Ayu ; 32(4): 512-7, 2011 Oct.
Article in English | MEDLINE | ID: mdl-22661846

ABSTRACT

The disease Amlapitta has been selected for the clinical trials because it presents two type of manifestations depending upon the involvement of Agni (Ushnagunadhikya) and Jala (Dravagunadhikya) Mahabhuta. The present research work was focused at Drava Guna, with an aim to assess the efficacy of a drug with quality of Ruksha and Ushna predominance like Bhringaraja in treating Amlapitta with Pitta Drava Guna Vriddhi. Randomized open clinical trials were conducted on 22 patients of Amlapitta who were screened on the basis of clinical findings and allocated in to two groups. The criteria for selection were the signs and symptoms of Dravagunadhikya Amlapitta, irrespective of sex, religion, etc.
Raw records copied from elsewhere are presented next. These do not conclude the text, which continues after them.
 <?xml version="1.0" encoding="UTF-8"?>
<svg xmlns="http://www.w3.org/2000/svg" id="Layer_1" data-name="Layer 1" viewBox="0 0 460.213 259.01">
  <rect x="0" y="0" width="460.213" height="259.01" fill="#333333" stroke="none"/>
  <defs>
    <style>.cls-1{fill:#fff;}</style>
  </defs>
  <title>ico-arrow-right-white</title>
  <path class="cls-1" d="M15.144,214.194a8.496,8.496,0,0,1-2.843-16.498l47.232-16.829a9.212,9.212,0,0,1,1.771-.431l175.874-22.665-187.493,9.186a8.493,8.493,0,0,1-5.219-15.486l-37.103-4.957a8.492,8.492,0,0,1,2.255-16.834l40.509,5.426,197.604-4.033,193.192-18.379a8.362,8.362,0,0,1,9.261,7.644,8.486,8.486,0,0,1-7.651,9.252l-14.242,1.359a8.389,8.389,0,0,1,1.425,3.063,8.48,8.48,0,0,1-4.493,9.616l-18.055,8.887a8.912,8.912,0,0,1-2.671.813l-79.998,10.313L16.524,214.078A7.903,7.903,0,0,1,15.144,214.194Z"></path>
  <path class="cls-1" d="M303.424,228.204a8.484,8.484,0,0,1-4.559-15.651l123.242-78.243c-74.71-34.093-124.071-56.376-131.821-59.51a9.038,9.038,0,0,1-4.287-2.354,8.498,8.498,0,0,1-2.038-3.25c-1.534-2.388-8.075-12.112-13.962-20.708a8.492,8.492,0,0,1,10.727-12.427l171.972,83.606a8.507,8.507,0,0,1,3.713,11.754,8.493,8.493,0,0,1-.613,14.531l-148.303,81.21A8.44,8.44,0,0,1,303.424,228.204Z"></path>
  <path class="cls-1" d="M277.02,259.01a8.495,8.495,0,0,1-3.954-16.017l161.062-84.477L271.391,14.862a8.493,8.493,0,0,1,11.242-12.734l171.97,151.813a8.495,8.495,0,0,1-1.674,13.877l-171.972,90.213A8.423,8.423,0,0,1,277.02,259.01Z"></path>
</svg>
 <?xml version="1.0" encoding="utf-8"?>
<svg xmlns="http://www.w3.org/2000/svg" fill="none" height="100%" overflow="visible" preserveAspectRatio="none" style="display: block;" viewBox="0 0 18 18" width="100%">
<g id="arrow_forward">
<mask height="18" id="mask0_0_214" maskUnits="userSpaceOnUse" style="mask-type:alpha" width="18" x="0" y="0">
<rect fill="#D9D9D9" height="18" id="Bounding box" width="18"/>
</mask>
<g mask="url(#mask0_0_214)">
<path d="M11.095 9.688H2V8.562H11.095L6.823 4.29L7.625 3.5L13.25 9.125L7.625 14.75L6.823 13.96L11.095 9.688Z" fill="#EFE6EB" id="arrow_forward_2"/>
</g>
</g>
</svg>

Group A consisting of 15 cases received the trial drug Bhringaraja tablet (4 Tab. two times, 1 tablet=500 mg) and 7 cases in Group B received rice powder tablet as a placebo (4 Tab. two times, 1 tablet=500 mg) for 4 weeks. Special scoring pattern was adopted for the assessment of Amlapitta. Routine pathological tests such as blood, urine, stool, etc. were also carried out. In Group A, 55.33% patients showed marked improvement, whereas moderate improvement was observed in 26.67% patients. Complete cure was found in 06.67% of the patients and mild improvement in the chief complaints was observed in 13.33% patients. All the selected symptoms showed statistically significant results (P<0.01) except the Vidbheda in treated Group A, while in Group B, all symptoms showed statistically insignificant results except the Utklesha and Amlodgara. Total effect of the therapy showed statistically significant effect of the test drug. These results support the hypothesis.